The Marriage Debate

In “Marriage: For Better? Or Worse?” (Fall 2001), the author petitions for same-sex marriage with the argument that “same-sex couples…are the nation’s most unabashed supporters of matrimony.” What she does not say is that same-sex couples are also the nation’s most unabashed supporters of homosexual behavior. The article also states that “the government is not on the side of love and commitment when it comes to same-sex couples.” This would be true if love and commitment were the only issues to consider in sanctioning same-sex marriage. In fact, they are not. The primary issue is that if society sanctions same-sex marriage, it also sanctions homosexual behavior. This is something that the majority of us are not willing to do.

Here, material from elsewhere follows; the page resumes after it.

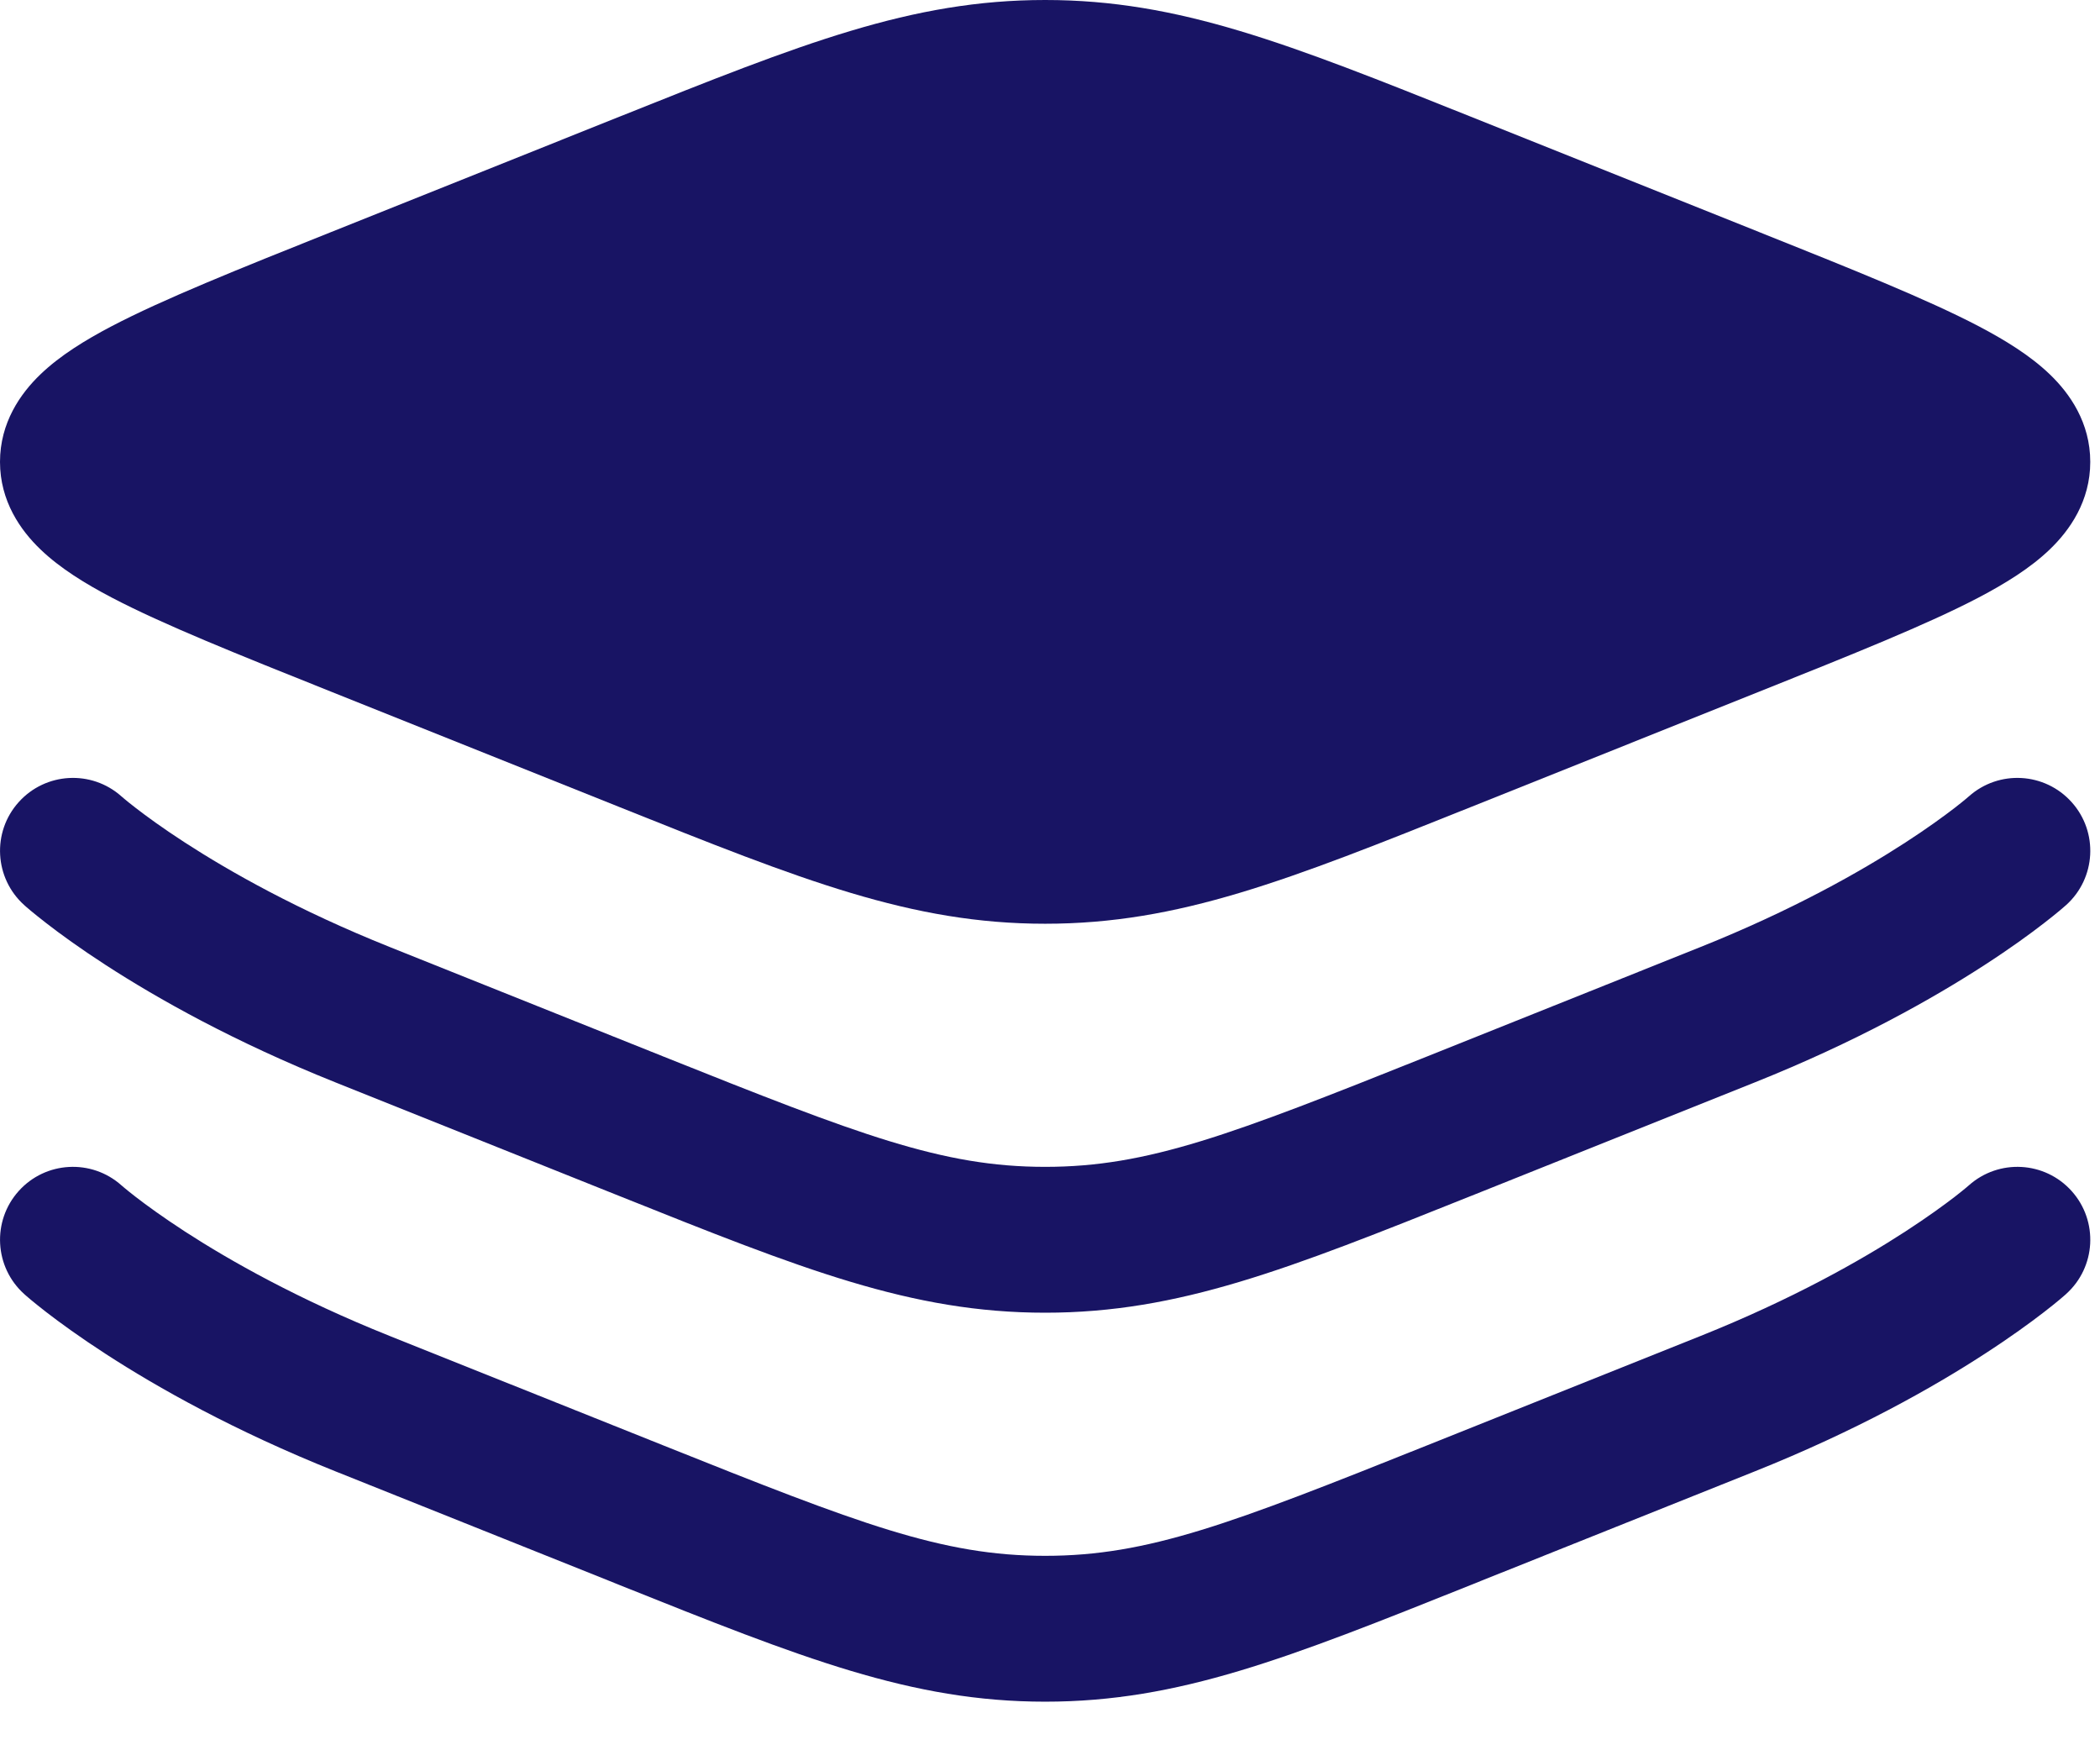<svg width="36" height="30" viewBox="0 0 36 30" fill="none" xmlns="http://www.w3.org/2000/svg">
<path d="M10.624 1.998C13.752 0.747 15.618 0 17.917 0C20.215 0 22.081 0.747 25.209 1.998L30.158 3.978C31.749 4.614 33.038 5.13 33.923 5.593C34.37 5.828 34.804 6.094 35.138 6.415C35.482 6.744 35.833 7.244 35.833 7.917C35.833 8.589 35.482 9.089 35.138 9.418C34.804 9.739 34.37 10.005 33.923 10.24C33.038 10.704 31.749 11.219 30.158 11.855L25.209 13.835C22.081 15.087 20.215 15.833 17.917 15.833C15.618 15.833 13.752 15.087 10.624 13.835L5.675 11.855C4.084 11.219 2.795 10.704 1.911 10.24C1.463 10.005 1.029 9.739 0.695 9.418C0.351 9.089 0 8.589 0 7.917C0 7.244 0.351 6.744 0.695 6.415C1.029 6.094 1.463 5.828 1.911 5.593C2.795 5.13 4.084 4.614 5.675 3.978L10.624 1.998Z" fill="#181464"/>
<path fill-rule="evenodd" clip-rule="evenodd" d="M2.084 13.652C2.084 13.652 2.084 13.652 2.084 13.652L2.082 13.65L2.088 13.655C2.095 13.662 2.109 13.674 2.129 13.69C2.169 13.724 2.234 13.777 2.325 13.847C2.506 13.987 2.788 14.194 3.171 14.442C3.938 14.939 5.107 15.602 6.679 16.231L11.36 18.104C14.735 19.453 16.149 20 17.917 20C19.684 20 21.099 19.453 24.474 18.104L29.154 16.231C30.726 15.602 31.896 14.939 32.662 14.442C33.045 14.194 33.327 13.987 33.509 13.847C33.599 13.777 33.665 13.724 33.705 13.69C33.725 13.674 33.738 13.662 33.746 13.655L33.749 13.652C33.75 13.652 33.751 13.651 33.752 13.65C34.266 13.192 35.054 13.236 35.514 13.749C35.975 14.262 35.932 15.053 35.418 15.514L34.583 14.583C35.418 15.514 35.418 15.514 35.418 15.514L35.416 15.516L35.413 15.518L35.405 15.525L35.382 15.545C35.364 15.561 35.339 15.583 35.307 15.609C35.243 15.662 35.154 15.735 35.037 15.825C34.805 16.005 34.467 16.252 34.022 16.54C33.134 17.116 31.821 17.857 30.083 18.552L25.402 20.425C25.337 20.451 25.273 20.476 25.209 20.502C22.081 21.753 20.215 22.5 17.917 22.5C15.618 22.5 13.752 21.753 10.624 20.502C10.56 20.476 10.496 20.451 10.431 20.425L5.75 18.552C4.013 17.857 2.7 17.116 1.811 16.54C1.367 16.252 1.028 16.005 0.796 15.825C0.68 15.735 0.59 15.662 0.526 15.609C0.495 15.583 0.47 15.561 0.451 15.545L0.428 15.525L0.421 15.518L0.418 15.516L0.416 15.514C0.416 15.514 0.415 15.514 1.25 14.583L0.416 15.514C-0.098 15.053 -0.141 14.262 0.32 13.749C0.78 13.236 1.568 13.192 2.082 13.65M2.084 13.652C2.084 13.652 2.084 13.652 2.084 13.652V13.652ZM2.082 20.317C1.568 19.859 0.78 19.902 0.32 20.415L2.082 20.317ZM2.082 20.317L2.088 20.322C2.095 20.328 2.109 20.34 2.129 20.357C2.169 20.39 2.234 20.444 2.325 20.514C2.506 20.654 2.788 20.86 3.171 21.109C3.938 21.606 5.107 22.269 6.679 22.898L11.36 24.77C14.735 26.12 16.149 26.667 17.917 26.667C19.684 26.667 21.099 26.12 24.474 24.77L29.154 22.898C30.726 22.269 31.896 21.606 32.662 21.109C33.045 20.86 33.327 20.654 33.509 20.514C33.599 20.444 33.665 20.39 33.705 20.357C33.725 20.34 33.738 20.328 33.746 20.322L33.749 20.319C33.75 20.318 33.751 20.317 33.752 20.317C34.266 19.859 35.054 19.902 35.514 20.415C35.975 20.929 35.932 21.72 35.418 22.18L34.611 21.281C35.418 22.18 35.418 22.18 35.418 22.18L35.416 22.183L35.413 22.185L35.405 22.192L35.382 22.212C35.364 22.228 35.339 22.249 35.307 22.276C35.243 22.329 35.154 22.402 35.037 22.492C34.805 22.671 34.467 22.918 34.022 23.206C33.134 23.783 31.821 24.524 30.083 25.219L25.402 27.091C25.337 27.117 25.273 27.143 25.209 27.169C22.081 28.42 20.215 29.167 17.917 29.167C15.618 29.167 13.752 28.42 10.624 27.169C10.56 27.143 10.496 27.117 10.431 27.091L5.75 25.219C4.013 24.524 2.7 23.783 1.811 23.206C1.367 22.918 1.028 22.671 0.796 22.492C0.68 22.402 0.59 22.329 0.526 22.276C0.495 22.249 0.47 22.228 0.451 22.212L0.428 22.192L0.421 22.185L0.418 22.183L0.416 22.181C0.416 22.181 0.415 22.18 1.25 21.25L0.416 22.181C-0.098 21.72 -0.141 20.929 0.32 20.415" fill="#181464"/>
</svg>

Our ethical sense compels us to treat every human being, homosexual or heterosexual, justly and with dignity. But it is that same ethical sense that demands that we exercise restraint in our sexual behaviors. As a compassionate society, we do not go so far as to censure homosexual behavior, but neither must we condone it by sanctioning same-sex marriage.
David Marwil ’70
Lexington, Kentucky

The article “Wedding Rights” covers a lot of ground, and yet leaves out an examination of the very basic question of marriage: The nature of commitment. I would offer that couple-hood is treated as a class of family-tie all its own. Change is acceptable if you can manage it and remain a couple. Growth is expected, but growing apart isn’t even considered a possibility, certainly in no way a positive one. Significantly, if couple-hood comes to an end, it is taken for granted that the person who was family—no longer is. Here is a possible commitment: I promise, before our friends, family, and larger community, to care about you, to want the best for you, to work with you to understand each other, and to build a life together. I have found in you and in our relationship something very precious to cherish, and nurture, and honor. I’m asking everyone I’m close to to help me do right by this, neither holding too tightly nor ever taking this for granted. Do the words: “And I promise we will never be parted” really add to this? Or do they sound a little childish and prideful by comparison? What if we leave out those add-on words. Does this make it harder to explain what the commitment is? Surely it does. Does it make it any less of a commitment? Well…legally it is not a marriage, nor is there any other legal way to recognize it. Some might say this is an insufficient foundation for raising children. Maybe raising children is, appropriately, a very profound and separate commitment all of its own.